Total RNA was extracted from 3 × 106 cells using Trizol reagent (Invitrogen), reverse transcribed and amplified with the WT expression kit (Invitrogen) according to the manufacturer’s manual. Fragmented cDNA was end-labeled using the Affymetrix terminal labeling kit and hybridized onto Human GeneChip 1.0 ST arrays (Affymetrix). The chips were stained and washed following standard procedure and scanned on a GeneChip Scanner 3000 7G (Affymetrix).
Two-dimensional gel electrophoresis
Protein was isolated from 5 × 107 VHL−/VHL+ 786-O cells incubated for 48 h under normoxic or hypoxic conditions. 550 μg/protein lysate were loaded onto IPG strips (pH 3–10, non-linear, Amersham Biosciences) followed by an isoelectric focusing and second-dimension SDS-PAGE separation (13%) and staining with colloidal Coomassie as described . The gels were analyzed using the Delta2D software package (Decodon). Proteins found to be at least two-fold regulated (factor ≥ 2.0 or ≤ 0.50; p ≤ 0.05) were subjected to mass spectrometric identification. The two-dimensional gel electrophoresis was carried out in three independent experiments using five gels for each condition.

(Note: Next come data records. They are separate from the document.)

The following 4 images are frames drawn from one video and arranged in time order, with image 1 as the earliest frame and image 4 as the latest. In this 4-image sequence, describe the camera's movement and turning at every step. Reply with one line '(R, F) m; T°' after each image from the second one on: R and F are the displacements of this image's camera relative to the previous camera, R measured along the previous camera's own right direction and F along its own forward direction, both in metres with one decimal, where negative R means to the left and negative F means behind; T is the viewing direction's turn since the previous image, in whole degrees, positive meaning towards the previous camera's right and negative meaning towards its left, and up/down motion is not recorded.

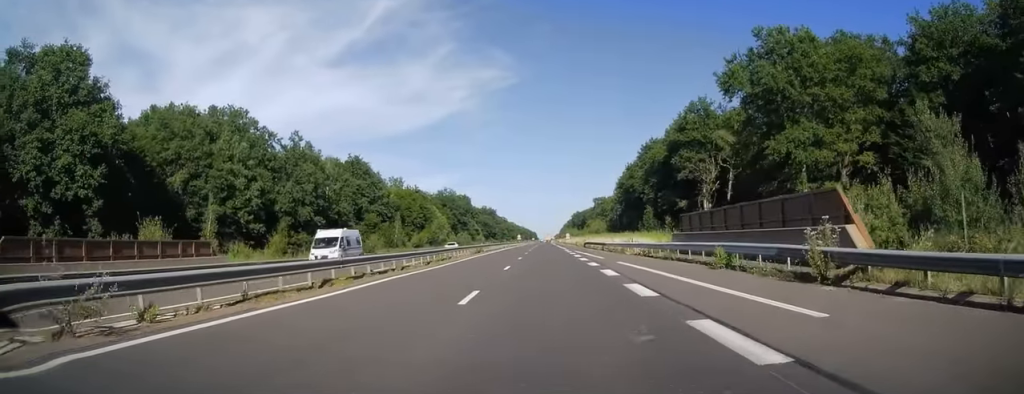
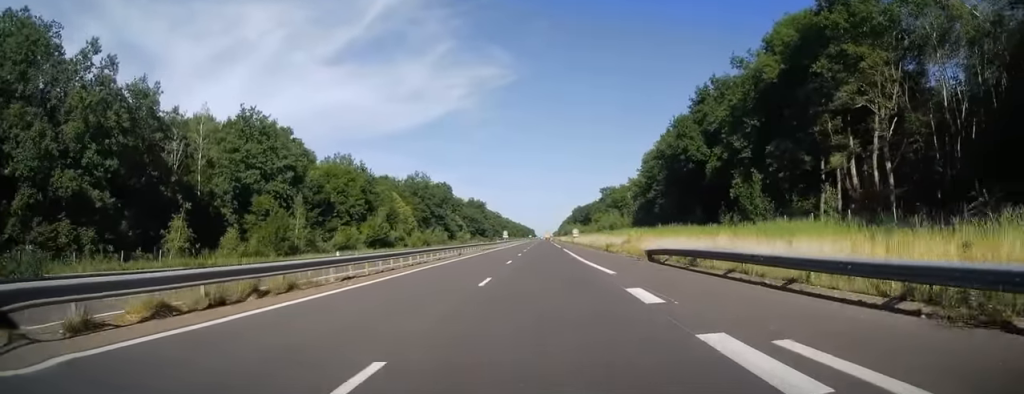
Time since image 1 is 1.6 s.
(+0.4, +47.5) m; +1°
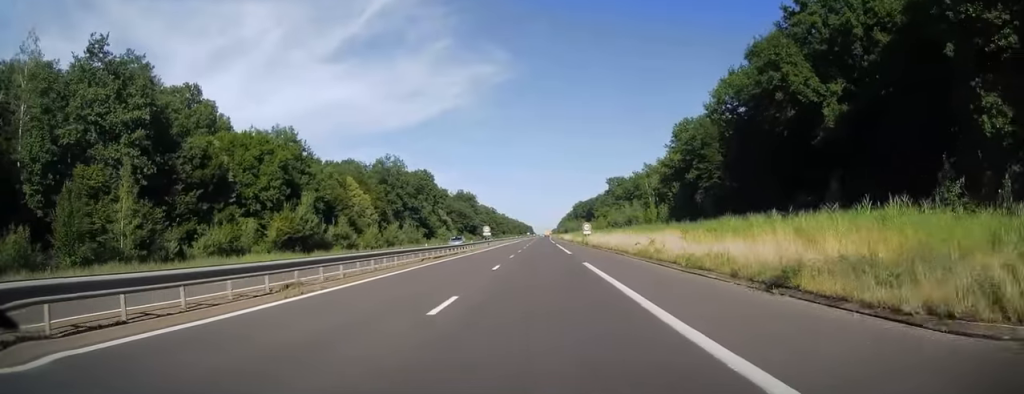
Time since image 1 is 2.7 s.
(0.0, +32.5) m; 0°
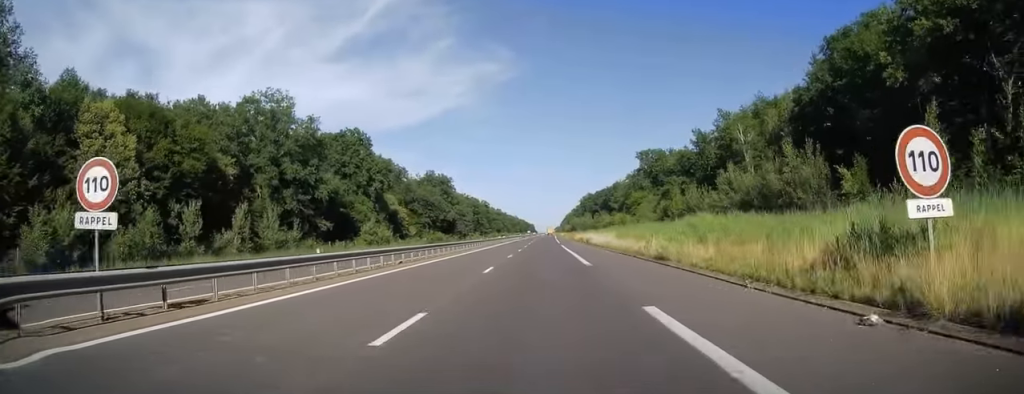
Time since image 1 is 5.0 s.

In-gel digestion and mass spectrometric analysis
Differentially regulated protein spots were excised from the gels using the Spothunter (Herolab), destained with 50% acetonitrile (v/v) over night and subjected to in-gel digestion with 8 μg/mL porcine trypsin (Promega). Tryptic digests were subjected to MALDI-TOF mass spectrometry (Ultraflex, Bruker). Protein identification was performed as previously described .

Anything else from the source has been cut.